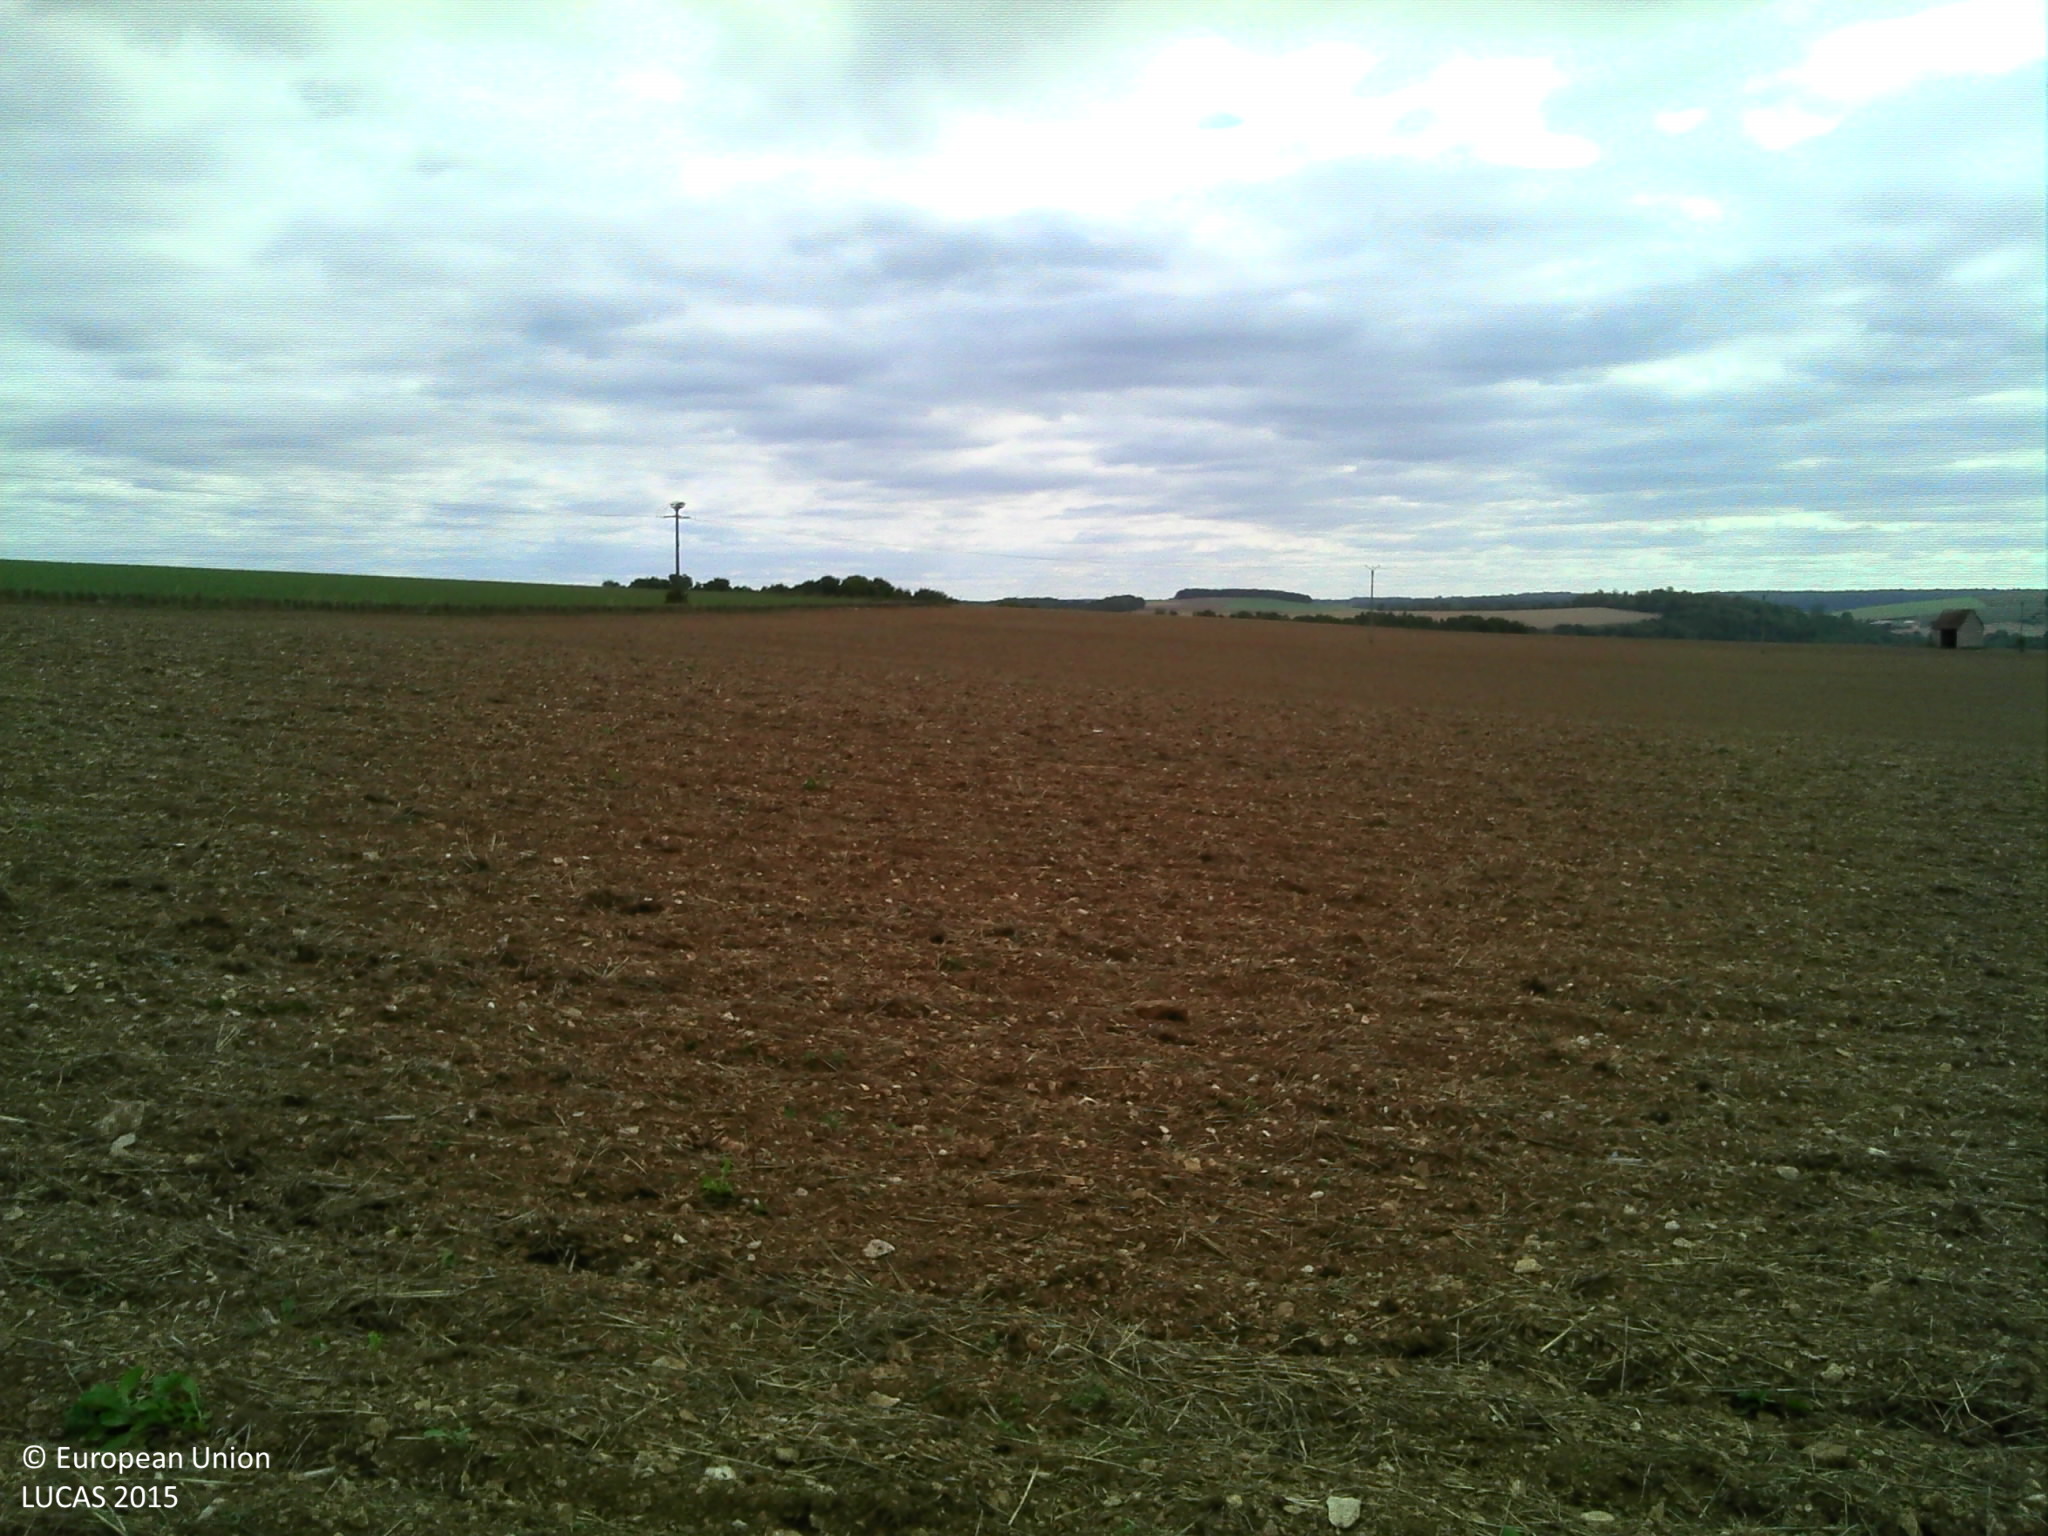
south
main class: Cropland
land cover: Common wheat
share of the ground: 10 - 25 %
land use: Agriculture (excluding fallow land and kitchen gardens)
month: September
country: FR
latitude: 47.5741
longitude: 4.7217
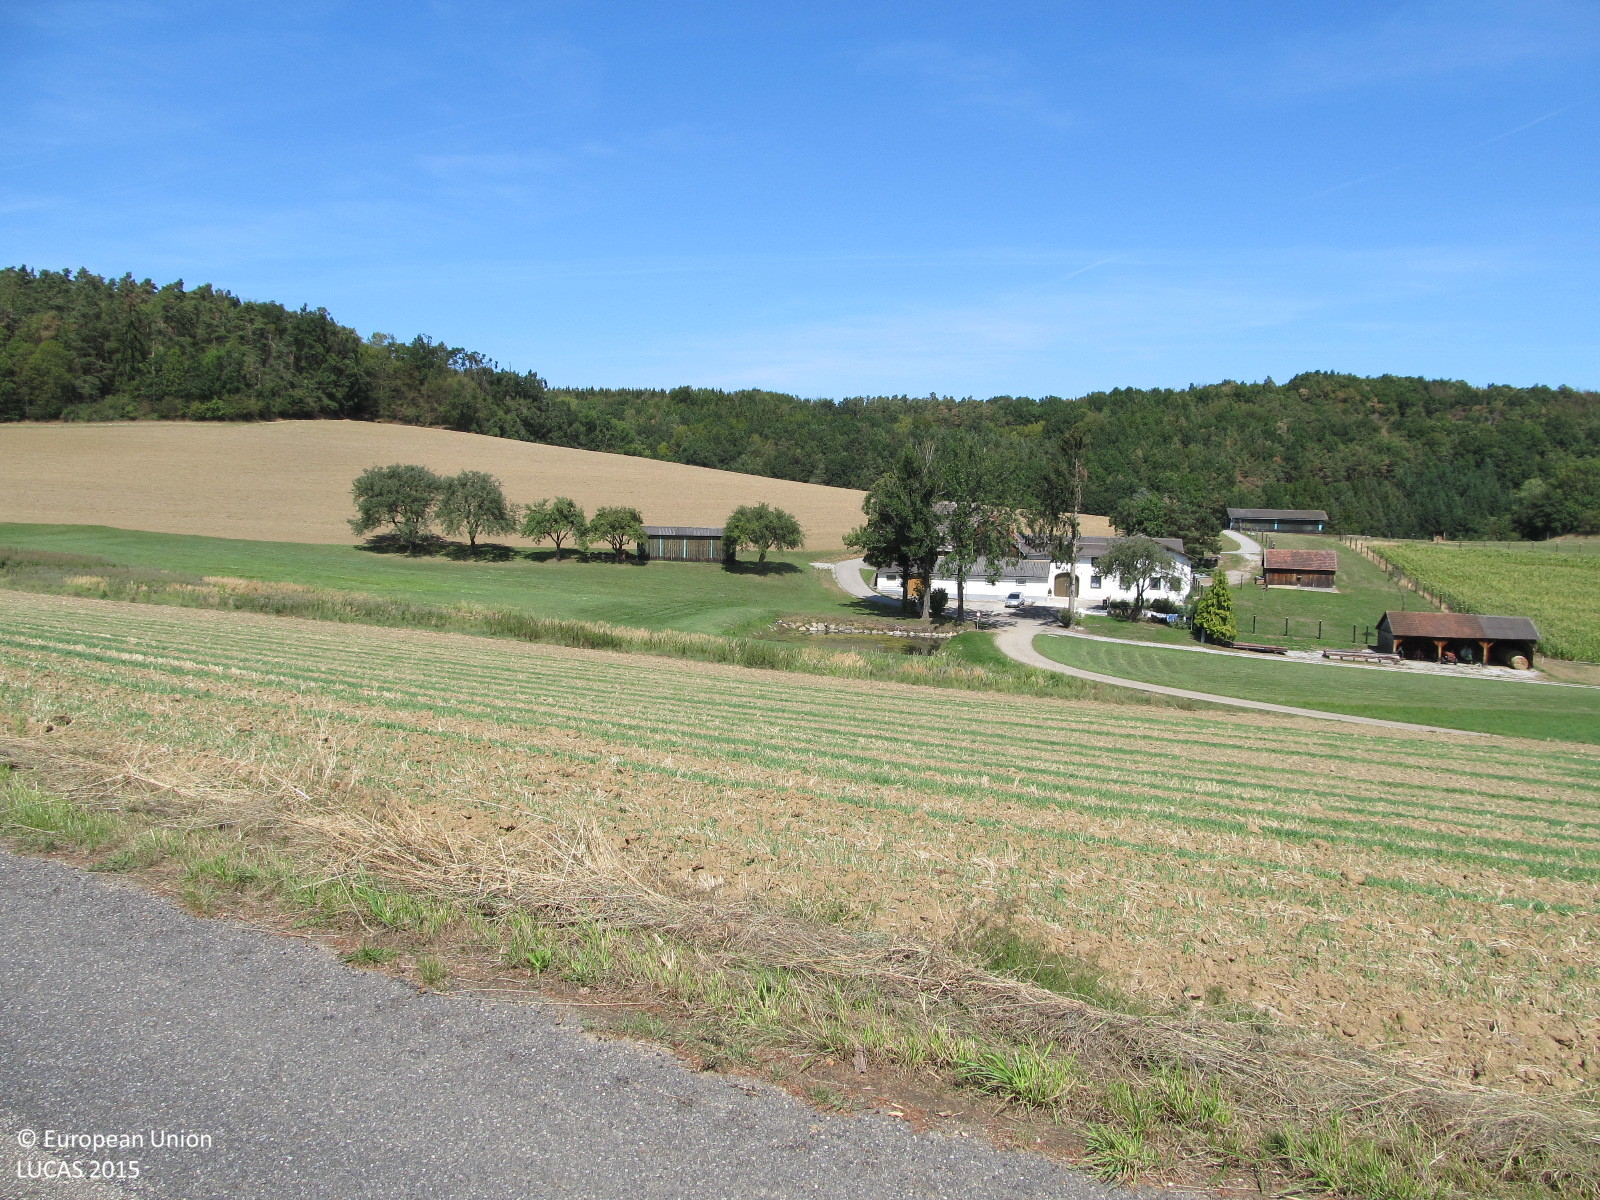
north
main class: Cropland
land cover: Maize
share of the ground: > 75 %
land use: Agriculture (excluding fallow land and kitchen gardens)
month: August
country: AT
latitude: 48.5032
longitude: 15.4571

____________________

▶ [What this task involves]:
Your reply should hold exactly the lines from the line containing "country: FR" through the final line of the listing, and none of the pictures.

▶ [Your solution]:
country: FR
latitude: 47.5741
longitude: 4.7217
north
main class: Cropland
land cover: Maize
share of the ground: > 75 %
land use: Agriculture (excluding fallow land and kitchen gardens)
month: August
country: AT
latitude: 48.5032
longitude: 15.4571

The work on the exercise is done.